Her last point in the above was a demand to make the conclusions of the paper wander even further from what was supported by the study, stating the authors’ unsupported political opinions even more strongly. Needless to say, the authors complied with that one.
Finally, a few selections from Sharapova’s minor suggestions:
5) Newer publication is available to support “Tobacco use remains the leading cause of preventable death in the United States” claim, e.g. The Health Consequences of Smoking – 50 Years of Progress, A Report of the Surgeon General, 2014.
So not only did she notice that the authors were using irrelevant studies of smoking to make claims about smoke-free products, but she actually suggested another one.
10) The sample has about 60% of college educated people. It would be interesting to see a discussion of how it might have affected the study results.
She recognizes that the sample might be misleading, but fails to recognize that the main reason for this is that it is restricted to people who chose to never use the products in question.
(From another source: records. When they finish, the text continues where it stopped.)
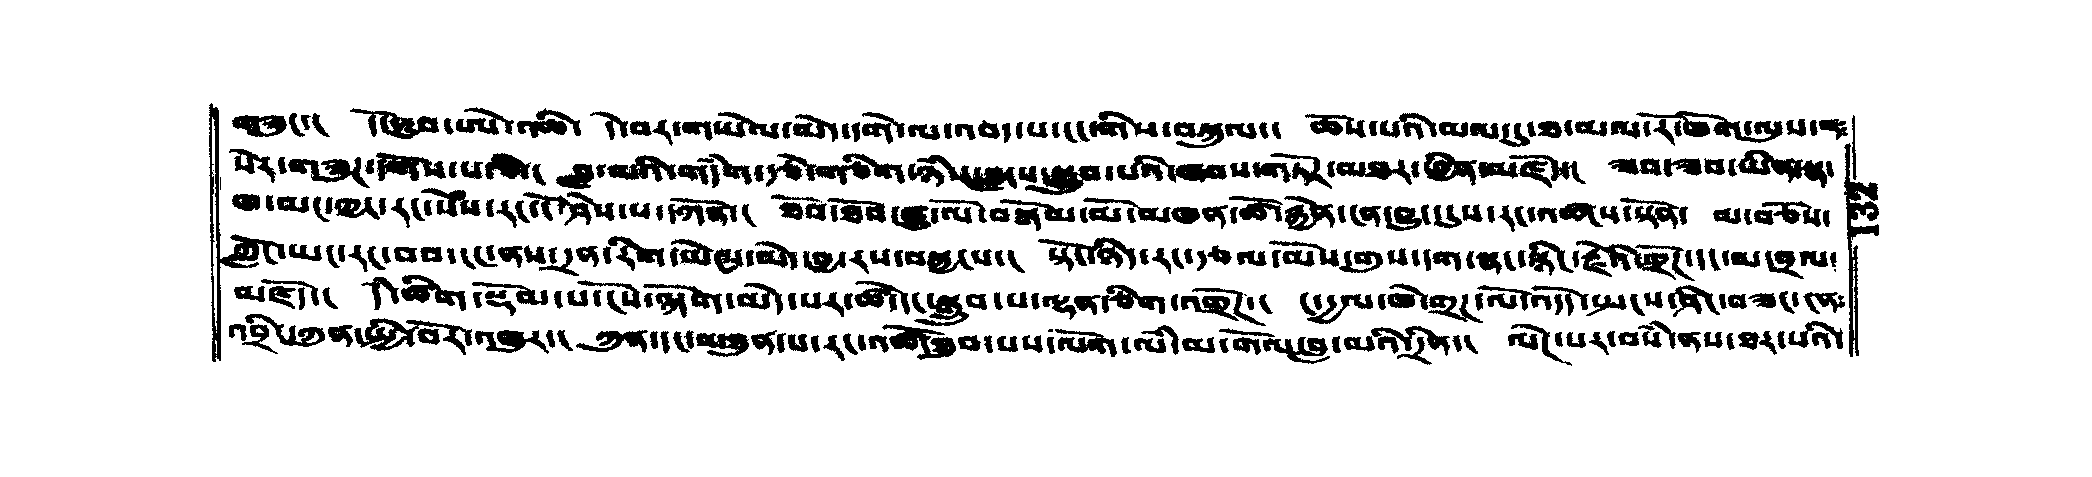ཟུངས། །དོ་ནུབ་ཨེ་འཆི་དེ་བར་གཡེལ་མེད་དགེ་ལ་འབད་པ་ངང་གིས་བསྐུལ། །ཆོས་པའི་མལ་དུ་ཐ་མལ་རོ་ཁོག་ལུསན
་སེར་གཟུགས་དགོས་པ་ཅི། །བླ་མའི་གདམས་ངག་རྩེ་གཅིག་ཉམས་བླངས་སྒྲུབ་པའི་ཞབས་གཏོག་མཐར་ཕྱིན་མཛོད། ཟབ་ཟབ་ཡིན་ཡིན་སྣ་
ཁ་མང་ཀྱང་རང་སེམས་རང་ངོ་ཤེས་པ་དཀོན། །ཐོབ་ཐོབ་ཞུ་ལོ་བསྒོམ་ལོ་མཁན་ཚོ་རྐྱེན་ངན་བྱུང་དུས་རང་མཚང་སྟོན། །མ་བཅོས་
ཀློང་ཡངས་རང་བབ་ངང་ནས་དྲན་རིག་ཡེངས་མེད་བྱ་རས་སྐྱོངས། །སྟོང་ཉིད་རང་རྩལ་མོས་གུས་དག་སྣང་སྙིང་རྗེའི་གྲོགས་དང་མ་བྲལ་
མཛོད། །དམ་ཚིག་སྡོམ་པ་ངོས་ལྐོག་མེད་པར་ཚེ་དང་སྒྲུབ་པ་ལྷན་ཅིག་འགྲོགས། །ང་རྒྱལ་ཁེ་གྲགས་ལོ་འདོད་སྤངས་ཤིང་བཟང་ངན་
འབྲིང་ཀུན་སྤྱི་བོར་འཁུར། །ཀུན་དང་མཐུན་པ་རང་འཚོ་ཐུབ་པའི་ལོག་ལམ་མ་གོལ་བླ་མའི་དྲིན། །ལེགས་པར་བསམ་ནས་ཐར་པའི་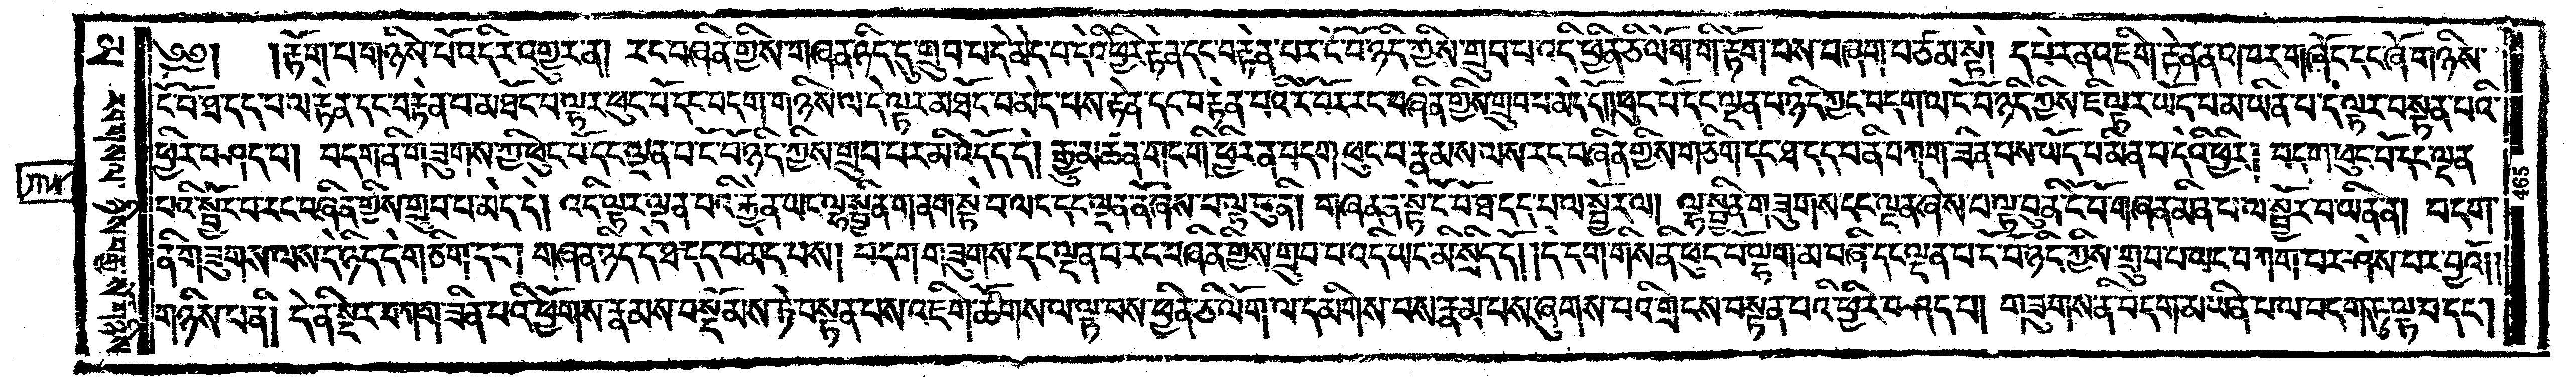༄༅། །རྟོག་པ་གཉིས་པོ་འདིར་འགྱུར་ན། རང་བཞིན་གྱིས་གཞན་ཉིད་དུ་གྲུབ་པ་དེ་མེད་པ་དེའི་ཕྱིར་རྟེན་དང་བརྟེན་པར་ངོ་བོ་ཉིད་ཀྱིས་གྲུབ་པ་འདི་ཕྱིན་ཅི་ལོག་གི་རྟོག་པས་བཞག་པ་ཙམ་སྟེ། དཔེར་ན་འཇིག་རྟེན་ན་འཁར་གཞོང་དང་ཞོ་གཉིས་
ངོ་བོ་ཐ་དད་པ་ལ་རྟེན་དང་བརྟེན་པ་མཐོང་བ་ལྟར་ཕུང་པོ་དང་བདག་གཉིས་ལ་དེ་ལྟར་མཐོང་བ་མེད་པས་རྟེན་དང་བརྟེན་པའི་ངོ་བོར་རང་བཞིན་གྱིས་གྲུབ་པ་མེད་དོ། །ཕུང་པོ་དང་ལྡན་པ་ཉིད་ཀྱང་བདག་ལ་ངོ་བོ་ཉིད་ཀྱིས་ཇི་ལྟར་ཡོད་པ་མ་ཡིན་པ་དེ་ལྟར་བསྟན་པའི་
ཕྱིར་བཤད་པ། བདག་ནི་གཟུགས་ཀྱི་ཕུང་པོ་དང་ལྡན་པ་ངོ་བོ་ཉིད་ཀྱིས་གྲུབ་པར་མི་འདོད་དེ། རྒྱུ་མཚན་གང་གི་ཕྱིར་ན་བདག་ཕུང་པོ་རྣམས་ལས་རང་བཞིན་གྱིས་གཅིག་དང་ཐ་དད་པ་ནི་བཀག་ཟིན་པས་ཡོད་པ་མིན་པ་དེའི་ཕྱིར། བདག་ཕུང་པོ་དང་ལྡན་
པའི་སྦྱོར་བ་རང་བཞིན་གྱིས་གྲུབ་པ་མེད་དེ། འདི་ལྟར་ལྡན་པའི་རྐྱེན་ཡང་ལྷ་སྦྱིན་གནག་སྟེ་བ་ལང་དང་ལྡན་ནོ་ཞེས་པ་ལྟ་བུ་ནི། གཞན་ན་སྟེ་ངོ་བོ་ཐ་དད་པ་ལ་སྦྱོར་ལ། ལྷ་སྦྱིན་གཟུགས་དང་ལྡན་ཞེས་པ་ལྟ་བུ་ནི་ངོ་བོ་གཞན་མིན་པ་ལ་སྦྱོར་བ་ཡིན་ན། བདག་
ནི་གཟུགས་ལས་དེ་ཉིད་དེ་གཅིག་དང་། གཞན་ཉིད་དེ་ཐ་དད་པ་མེད་པས། བདག་གཟུགས་དང་ལྡན་པ་རང་བཞིན་གྱིས་གྲུབ་པ་འདི་ཡང་མི་སྲིད་དོ། །དེ་དག་གིས་ནི་ཕུང་པོ་ལྷག་མ་བཞི་དང་ལྡན་པ་ངོ་བོ་ཉིད་ཀྱིས་གྲུབ་པ་ཡང་བཀག་པར་ཤེས་པར་བྱའོ།།
གཉིས་པ་ནི། ད་ནི་སྔར་བཀག་ཟིན་པའི་ཕྱོགས་རྣམས་བསྡོམས་ཏེ་བསྟན་པས་འཇིག་ཚོགས་ལ་ལྟ་བས་ཕྱིན་ཅི་ལོག་ལ་དམིགས་པས་རྣམ་པས་ཞུགས་པའི་གྲངས་བསྟན་པའི་ཕྱིར་བཤད་པ། གཟུགས་ནི་བདག་མ་ཡིན་པ་ལ་བདག་ཏུ་ལྟ་བ་དང་།

Instead, she only notices the deck-chairs level detail about them not representing that irrelevant subpopulation very well.
11) Discussion section, ‘It is worth noting that although participants were non-users of tobacco (who had not smoked more than 100 cigarettes or used smokeless tobacco more than 20 times in their lifetime), over 8% reported trying alternative tobacco products and over 4% were current (past month) users.’ It is not clear what do the current users consume.
That is actually a legitimate catch. I noticed this weirdness too, though I did not bother to even mention it, given how trivial it was compared to the real problems. Still, it further illustrates she was aware of the issue I just noted, and still did not find it to be a problem. It turns out that the answer to her question as asked is in the next sentence, so the authors just blew this off with reference to that. But this still does not add up after reading that next sentence and Sharapova did not follow-up.
And there we have it. The rest of what she had to say was even less consequential than what I quoted.
You might think that this was an extreme case. To summarize, what we saw here was: one reviewer not even assessing the content and just making his recommendation about whether to publish based on what he thought of the conclusions; the second doing basically the same in terms of her recommendation to publish; the second reviewer making some comments, unlike the first, but failing to note any of the real problems; the second reviewer demanding a change that actually made the paper substantially worse.
But this is not an extreme case. I would say, based on extensive experience with reviews in public health journals, that this comes in at about the 40th percentile for quality in public health journal reviews. Maybe it is as low as the 30th percentile. So it is worse than average, but it is far from being an outlier. For tobacco-related reviews in public health, it is the modal experience, and comes in at about the 60th percentile, maybe even 70th.
So, who is feeling good about the institution of journal peer-review?